*Record set*:
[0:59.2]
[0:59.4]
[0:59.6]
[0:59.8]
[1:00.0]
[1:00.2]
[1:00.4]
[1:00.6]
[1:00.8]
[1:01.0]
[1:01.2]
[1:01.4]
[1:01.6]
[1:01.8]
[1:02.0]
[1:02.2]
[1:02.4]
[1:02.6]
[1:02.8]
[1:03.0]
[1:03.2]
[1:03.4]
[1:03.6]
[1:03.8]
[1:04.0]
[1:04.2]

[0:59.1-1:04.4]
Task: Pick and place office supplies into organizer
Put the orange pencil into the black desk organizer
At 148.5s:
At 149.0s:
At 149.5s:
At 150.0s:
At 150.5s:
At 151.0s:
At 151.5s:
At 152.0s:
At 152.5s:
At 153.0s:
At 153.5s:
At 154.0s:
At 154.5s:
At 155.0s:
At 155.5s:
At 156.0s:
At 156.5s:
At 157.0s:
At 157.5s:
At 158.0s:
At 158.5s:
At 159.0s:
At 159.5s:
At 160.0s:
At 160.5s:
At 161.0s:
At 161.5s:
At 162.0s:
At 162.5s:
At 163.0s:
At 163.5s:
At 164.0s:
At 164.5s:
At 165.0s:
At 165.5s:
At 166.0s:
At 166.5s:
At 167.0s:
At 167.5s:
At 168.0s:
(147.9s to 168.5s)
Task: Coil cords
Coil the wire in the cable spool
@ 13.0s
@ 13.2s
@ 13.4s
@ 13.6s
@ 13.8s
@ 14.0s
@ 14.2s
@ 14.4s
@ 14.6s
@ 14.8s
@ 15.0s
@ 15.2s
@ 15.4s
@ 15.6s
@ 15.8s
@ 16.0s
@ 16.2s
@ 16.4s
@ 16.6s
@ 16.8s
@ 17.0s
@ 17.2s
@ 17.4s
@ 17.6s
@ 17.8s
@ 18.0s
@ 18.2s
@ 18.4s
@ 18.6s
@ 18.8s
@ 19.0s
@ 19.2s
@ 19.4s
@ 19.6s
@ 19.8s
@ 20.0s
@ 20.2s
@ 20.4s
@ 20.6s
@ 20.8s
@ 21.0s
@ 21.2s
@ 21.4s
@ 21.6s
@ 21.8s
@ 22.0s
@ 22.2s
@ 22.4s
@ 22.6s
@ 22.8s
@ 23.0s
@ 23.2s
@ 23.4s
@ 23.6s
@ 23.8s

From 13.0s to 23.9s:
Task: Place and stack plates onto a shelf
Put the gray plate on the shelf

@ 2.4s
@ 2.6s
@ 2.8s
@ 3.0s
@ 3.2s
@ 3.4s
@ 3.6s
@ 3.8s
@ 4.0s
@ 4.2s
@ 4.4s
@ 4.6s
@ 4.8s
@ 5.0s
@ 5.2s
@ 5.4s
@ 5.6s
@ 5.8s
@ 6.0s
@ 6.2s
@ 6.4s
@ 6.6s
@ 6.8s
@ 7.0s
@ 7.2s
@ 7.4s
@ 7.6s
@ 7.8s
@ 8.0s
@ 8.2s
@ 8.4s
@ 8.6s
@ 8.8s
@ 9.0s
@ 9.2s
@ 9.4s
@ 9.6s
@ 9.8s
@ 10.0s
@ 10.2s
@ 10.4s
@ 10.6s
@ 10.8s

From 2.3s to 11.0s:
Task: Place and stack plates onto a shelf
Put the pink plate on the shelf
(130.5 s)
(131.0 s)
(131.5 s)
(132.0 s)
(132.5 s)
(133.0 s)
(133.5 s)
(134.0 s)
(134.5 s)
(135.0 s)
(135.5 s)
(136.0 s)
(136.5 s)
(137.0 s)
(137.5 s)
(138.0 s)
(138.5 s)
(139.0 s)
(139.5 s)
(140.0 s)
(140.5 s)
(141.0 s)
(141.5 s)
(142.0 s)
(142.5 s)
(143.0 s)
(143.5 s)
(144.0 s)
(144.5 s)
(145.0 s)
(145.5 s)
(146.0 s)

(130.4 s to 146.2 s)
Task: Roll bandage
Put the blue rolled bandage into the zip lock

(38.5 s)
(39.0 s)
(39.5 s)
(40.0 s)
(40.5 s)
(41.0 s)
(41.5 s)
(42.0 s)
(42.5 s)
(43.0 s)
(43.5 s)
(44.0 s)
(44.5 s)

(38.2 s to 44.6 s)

*Exercise goal*: Copy all of the data exactly. Skip nothing.

*Exercise answer*:
[0:59.2]
[0:59.4]
[0:59.6]
[0:59.8]
[1:00.0]
[1:00.2]
[1:00.4]
[1:00.6]
[1:00.8]
[1:01.0]
[1:01.2]
[1:01.4]
[1:01.6]
[1:01.8]
[1:02.0]
[1:02.2]
[1:02.4]
[1:02.6]
[1:02.8]
[1:03.0]
[1:03.2]
[1:03.4]
[1:03.6]
[1:03.8]
[1:04.0]
[1:04.2]

[0:59.1-1:04.4]
Task: Pick and place office supplies into organizer
Put the orange pencil into the black desk organizer
At 148.5s:
At 149.0s:
At 149.5s:
At 150.0s:
At 150.5s:
At 151.0s:
At 151.5s:
At 152.0s:
At 152.5s:
At 153.0s:
At 153.5s:
At 154.0s:
At 154.5s:
At 155.0s:
At 155.5s:
At 156.0s:
At 156.5s:
At 157.0s:
At 157.5s:
At 158.0s:
At 158.5s:
At 159.0s:
At 159.5s:
At 160.0s:
At 160.5s:
At 161.0s:
At 161.5s:
At 162.0s:
At 162.5s:
At 163.0s:
At 163.5s:
At 164.0s:
At 164.5s:
At 165.0s:
At 165.5s:
At 166.0s:
At 166.5s:
At 167.0s:
At 167.5s:
At 168.0s:
(147.9s to 168.5s)
Task: Coil cords
Coil the wire in the cable spool
@ 13.0s
@ 13.2s
@ 13.4s
@ 13.6s
@ 13.8s
@ 14.0s
@ 14.2s
@ 14.4s
@ 14.6s
@ 14.8s
@ 15.0s
@ 15.2s
@ 15.4s
@ 15.6s
@ 15.8s
@ 16.0s
@ 16.2s
@ 16.4s
@ 16.6s
@ 16.8s
@ 17.0s
@ 17.2s
@ 17.4s
@ 17.6s
@ 17.8s
@ 18.0s
@ 18.2s
@ 18.4s
@ 18.6s
@ 18.8s
@ 19.0s
@ 19.2s
@ 19.4s
@ 19.6s
@ 19.8s
@ 20.0s
@ 20.2s
@ 20.4s
@ 20.6s
@ 20.8s
@ 21.0s
@ 21.2s
@ 21.4s
@ 21.6s
@ 21.8s
@ 22.0s
@ 22.2s
@ 22.4s
@ 22.6s
@ 22.8s
@ 23.0s
@ 23.2s
@ 23.4s
@ 23.6s
@ 23.8s

From 13.0s to 23.9s:
Task: Place and stack plates onto a shelf
Put the gray plate on the shelf

@ 2.4s
@ 2.6s
@ 2.8s
@ 3.0s
@ 3.2s
@ 3.4s
@ 3.6s
@ 3.8s
@ 4.0s
@ 4.2s
@ 4.4s
@ 4.6s
@ 4.8s
@ 5.0s
@ 5.2s
@ 5.4s
@ 5.6s
@ 5.8s
@ 6.0s
@ 6.2s
@ 6.4s
@ 6.6s
@ 6.8s
@ 7.0s
@ 7.2s
@ 7.4s
@ 7.6s
@ 7.8s
@ 8.0s
@ 8.2s
@ 8.4s
@ 8.6s
@ 8.8s
@ 9.0s
@ 9.2s
@ 9.4s
@ 9.6s
@ 9.8s
@ 10.0s
@ 10.2s
@ 10.4s
@ 10.6s
@ 10.8s

From 2.3s to 11.0s:
Task: Place and stack plates onto a shelf
Put the pink plate on the shelf
(130.5 s)
(131.0 s)
(131.5 s)
(132.0 s)
(132.5 s)
(133.0 s)
(133.5 s)
(134.0 s)
(134.5 s)
(135.0 s)
(135.5 s)
(136.0 s)
(136.5 s)
(137.0 s)
(137.5 s)
(138.0 s)
(138.5 s)
(139.0 s)
(139.5 s)
(140.0 s)
(140.5 s)
(141.0 s)
(141.5 s)
(142.0 s)
(142.5 s)
(143.0 s)
(143.5 s)
(144.0 s)
(144.5 s)
(145.0 s)
(145.5 s)
(146.0 s)

(130.4 s to 146.2 s)
Task: Roll bandage
Put the blue rolled bandage into the zip lock

(38.5 s)
(39.0 s)
(39.5 s)
(40.0 s)
(40.5 s)
(41.0 s)
(41.5 s)
(42.0 s)
(42.5 s)
(43.0 s)
(43.5 s)
(44.0 s)
(44.5 s)

(38.2 s to 44.6 s)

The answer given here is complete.